Hello?
Barely hear you.
Why don’t you shut your vacuum? Unplug it, if that’s the less strenuous option.
Messiaen’s Quartet for the End of Time. Which you’re interrupting.
Here to end your end times. So to speak.
The hell’s this? Hello?
This, Gargamel, is your father.
Microphone Head?
Drool?
Microphone Head!
Drool!
So a vacuum is your best metaphor for avant garde music? Surely nonretrogradable rhythms haven’t reached your village yet. Rarely has the term yet been used so dubiously.
Pardon me for neglecting to profit by your remark. Leopoldo hears Antonio laughing. Antonio remembers that quip. Of course he remembers.
Oh Drool. Always shortchanging your kind. Is your window open?

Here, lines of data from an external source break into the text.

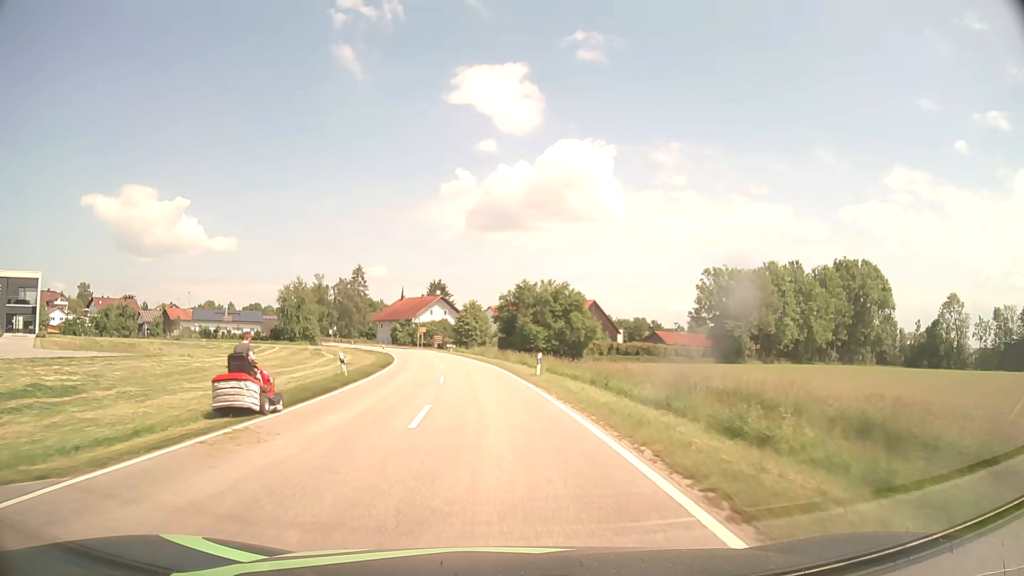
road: tertiary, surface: asphalt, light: Day
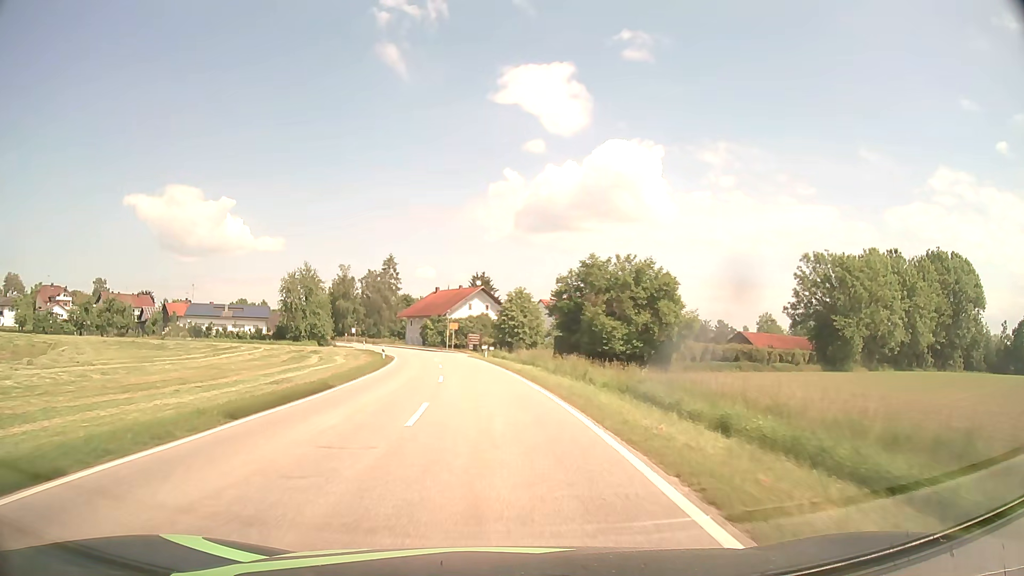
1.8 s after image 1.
(-0.9, +24.6) m; -4°
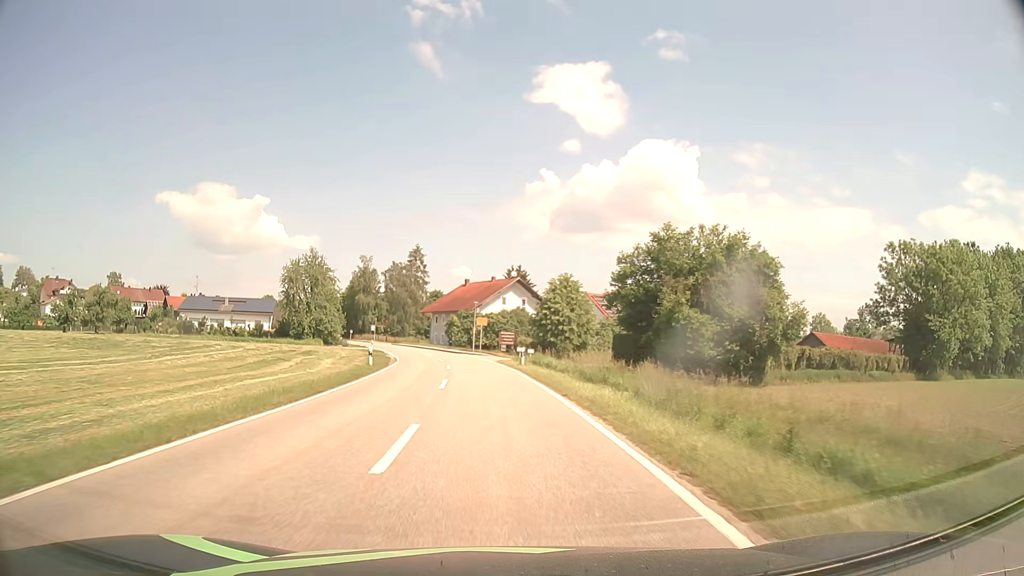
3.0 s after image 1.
(-0.5, +15.8) m; -3°
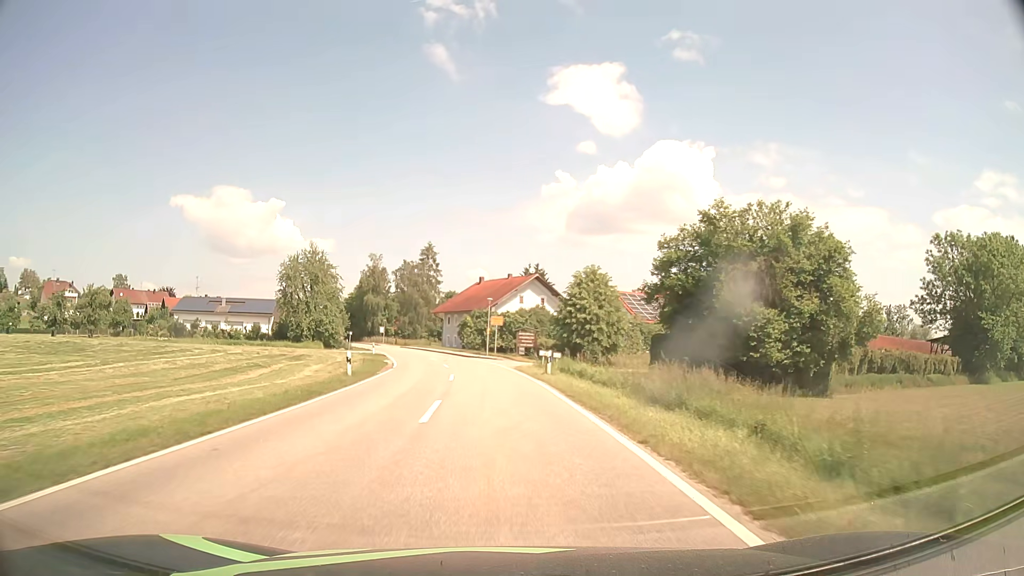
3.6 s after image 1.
(-0.1, +7.8) m; -1°
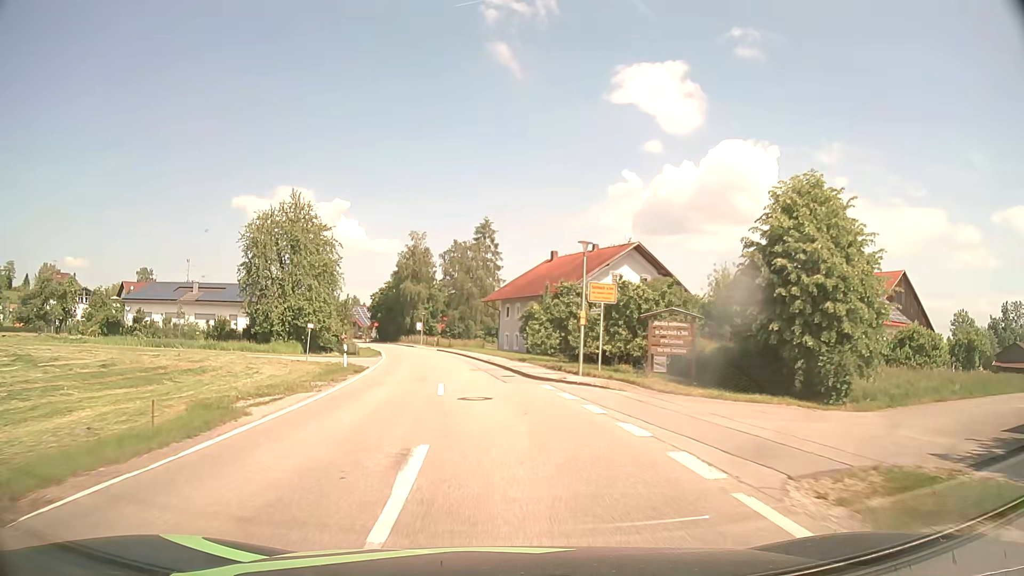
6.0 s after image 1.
(-1.5, +30.8) m; -5°
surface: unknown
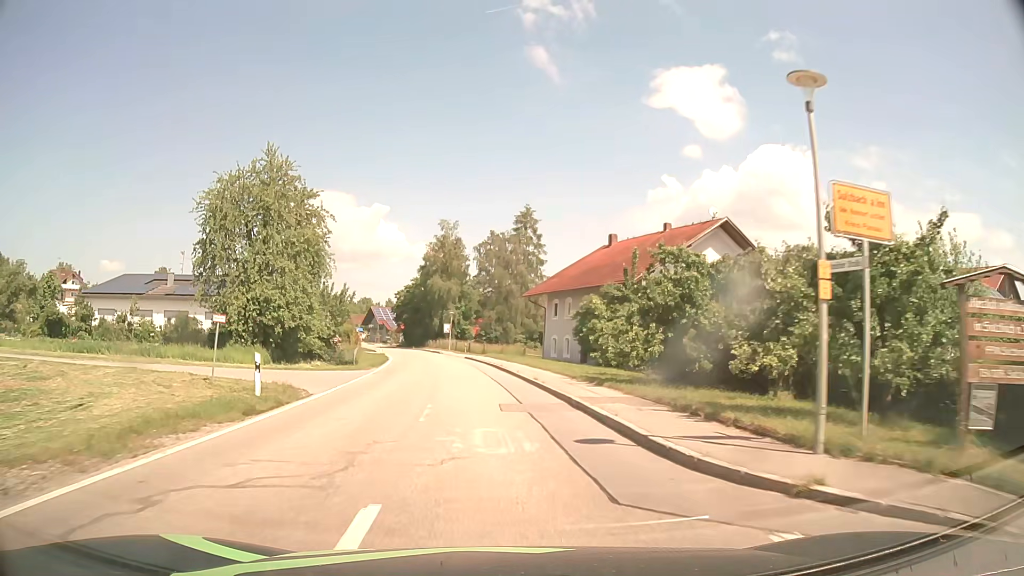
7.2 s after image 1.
(-0.6, +15.3) m; -4°
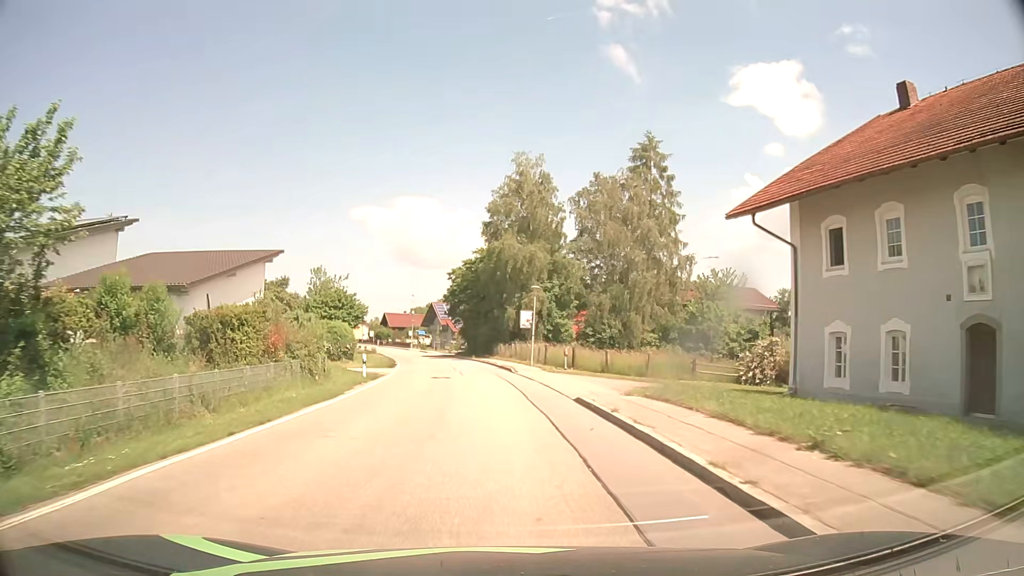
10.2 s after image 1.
(-2.4, +38.0) m; -7°
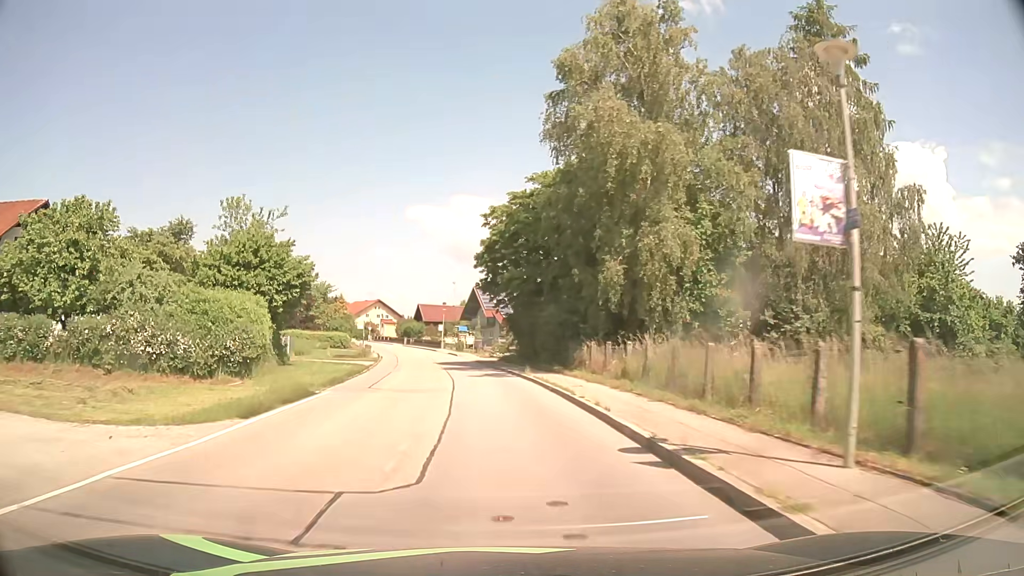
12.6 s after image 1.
(-1.1, +30.4) m; -5°
(0, +10) (-1, +20) (-2, +30) (-3, +40) (-5, +50) (-7, +60) (-9, +69) (-12, +79) (-15, +88) (-18, +98) m

Is his window open? Yes. Right. Leopoldo’s buying time to prepare a comeback. A common tactic from Who’s Most Pedantic, their game from San Javier. During recess by Don Alban’s cafeteria they would refute each other about everything, spoofing the pompous language of demagogues, priests, themselves, digressing manically upon premises like compatriotas, let us applaud León’s proposal to privatize our toilets, compañeros, let us consider that if El Loco wins, Facundo’s maid will lop off his maid killer in his sleep, if she can find it, although rules are rules, digressions earn you top points but they have to eventually boomerang to the original premise, the audience permitted to interrupt only to call out for vocabulary clarifications: badinage!, what is?, sapidity!, what is?, and they halt their sciolisms and provide definitions, magniloquent inventions, on the spot. Is his window open? Antonio chooses not to block Leopoldo’s question with a question. He wants to hear what Leopoldo comes up with.

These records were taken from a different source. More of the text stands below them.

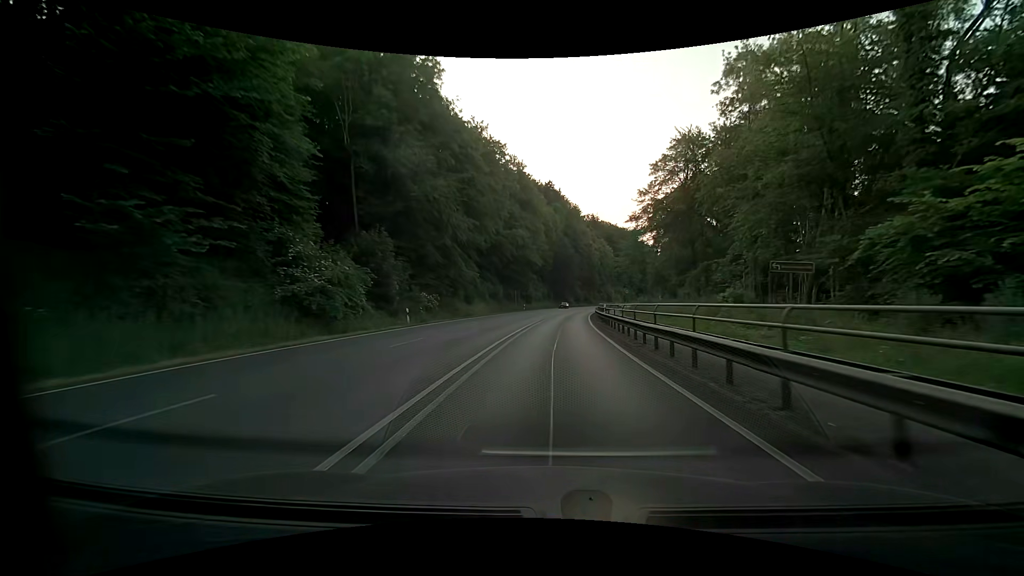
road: primary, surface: asphalt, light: Day
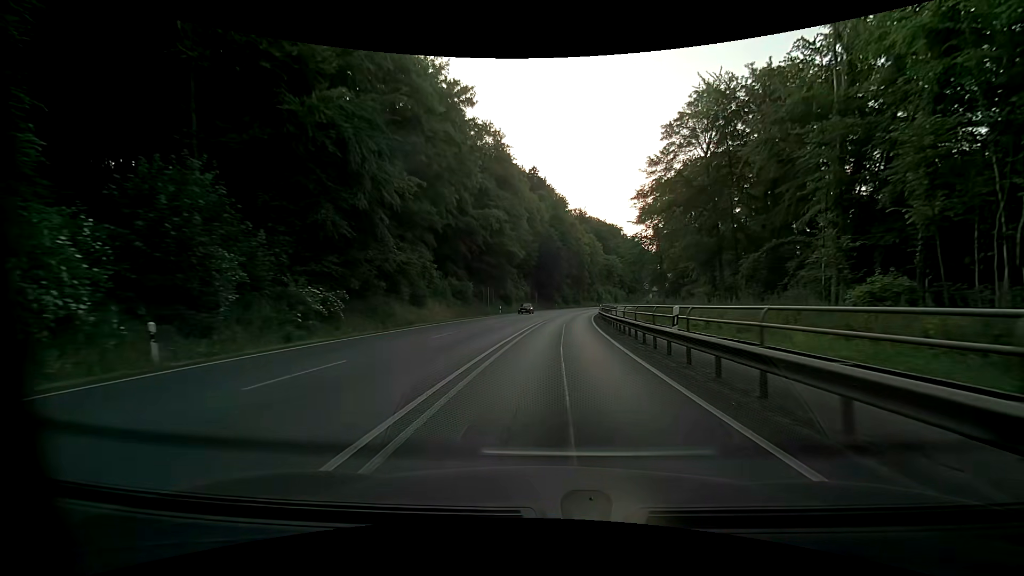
(+0.3, +19.1) m; +2°
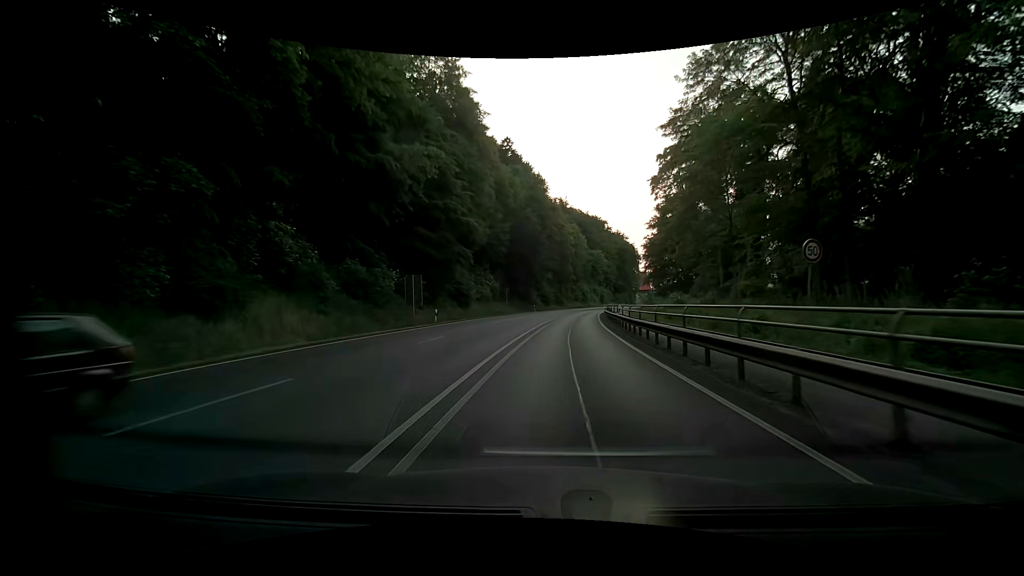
(+0.5, +26.3) m; +3°
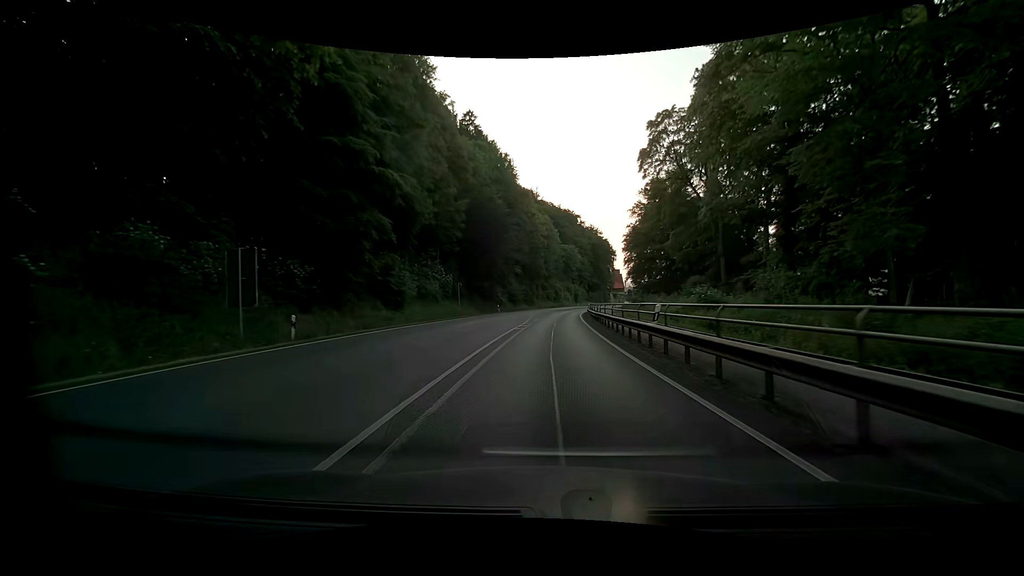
(+0.4, +16.0) m; +3°
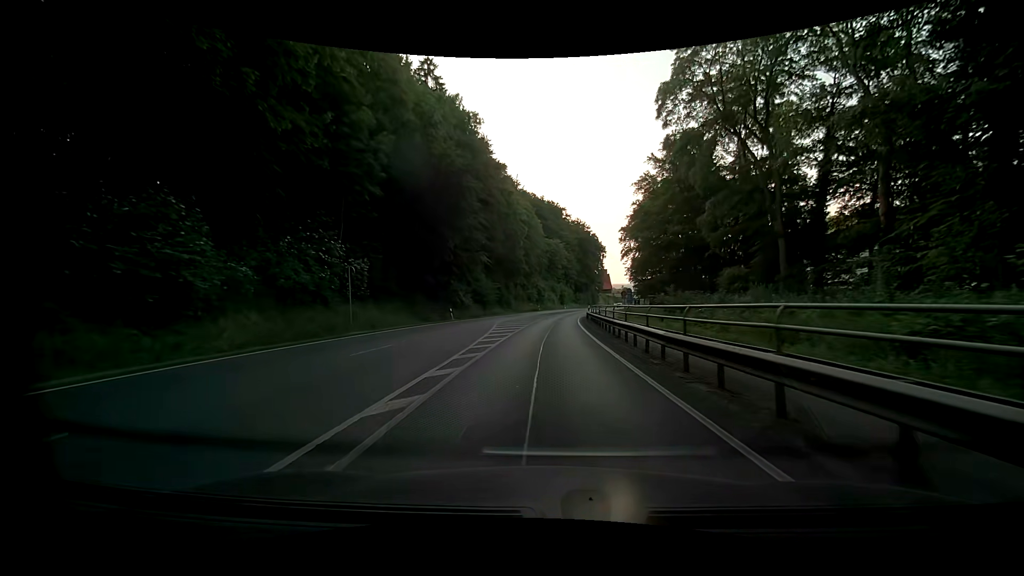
(+0.4, +23.2) m; +1°
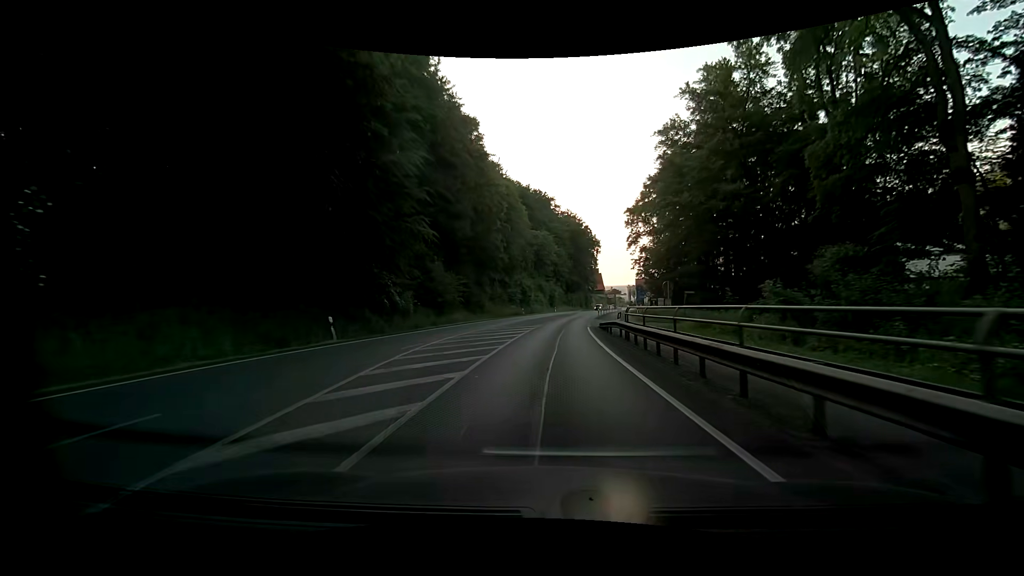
(+0.6, +22.8) m; +4°
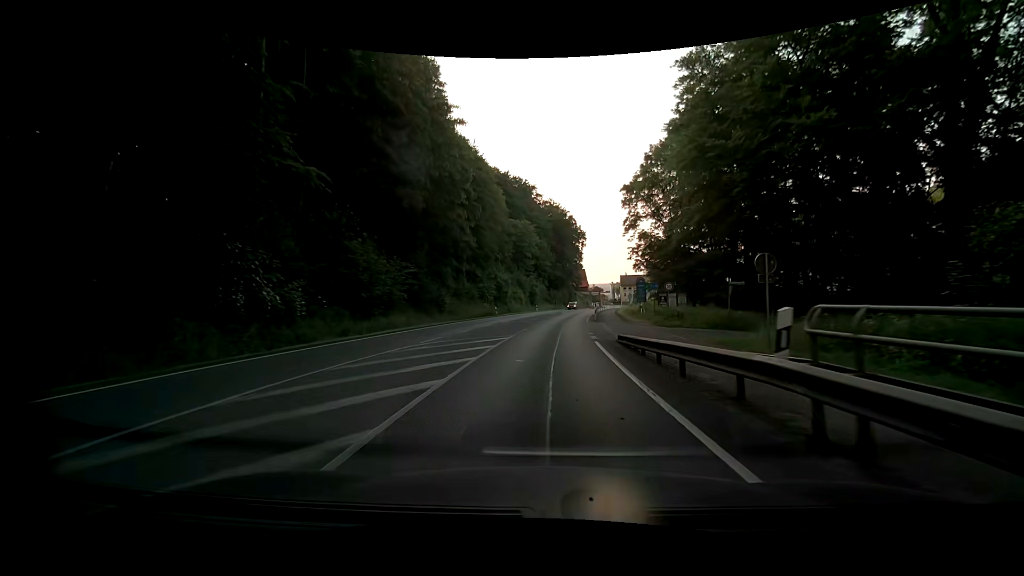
(0.0, +15.1) m; +1°
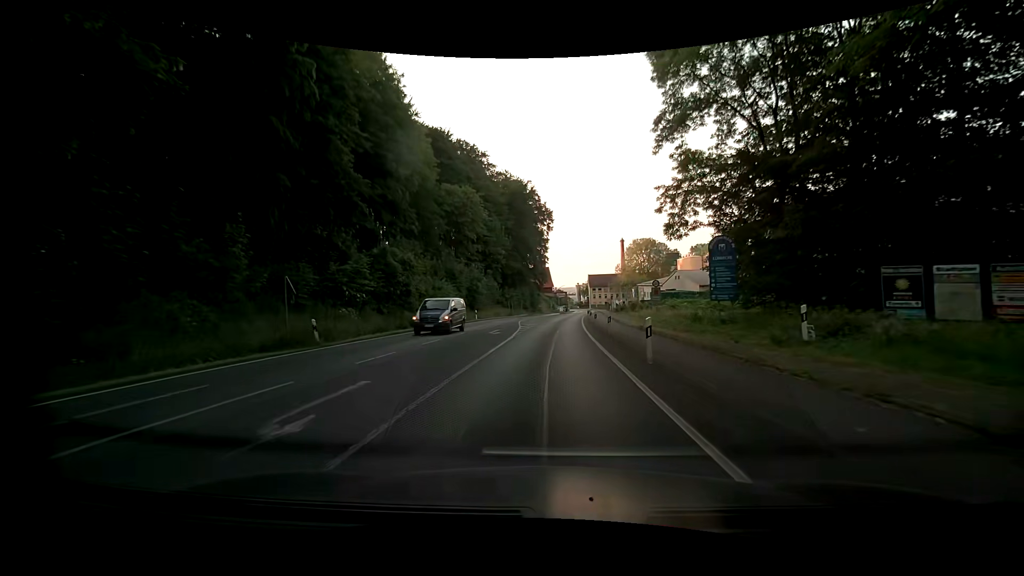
(+1.3, +38.7) m; +5°
(0, +10) (0, +20) (0, +30) (+1, +40) (+1, +50) (+2, +60) (+3, +70) (+4, +80) (+5, +90) (+6, +100) m

Why yes, my window is indeed open.
You see my friend, well you don’t really see, that’s why I’m about to inculcate you, your vacuum not only absorbs the detritus on your carpet but also the particles that float through your window, particles that carry inside of them the alarm of ambulances, the clang of cans, the tenor of the toll collector, all your troglogradables that are, in short, inside your artifact of . . .
Troglo what?
Gradables.
Chanfle. Do you own a vacuum?
Why yes. Indeed I do.
And you change its filter often?
Every two months.
You see, Microphone Head, well you don’t really see ’cause you’re as blind as a microphone, I haven’t changed the filter of my Red Devil in years. Therefore it has ceased to absorb anything. Neither detritus nor particles and absolutely no clang of cans. Oh Microphone Head: always faltering between the general and the specific. You know the one about Glenn Gould and the Hoover? Of course you don’t.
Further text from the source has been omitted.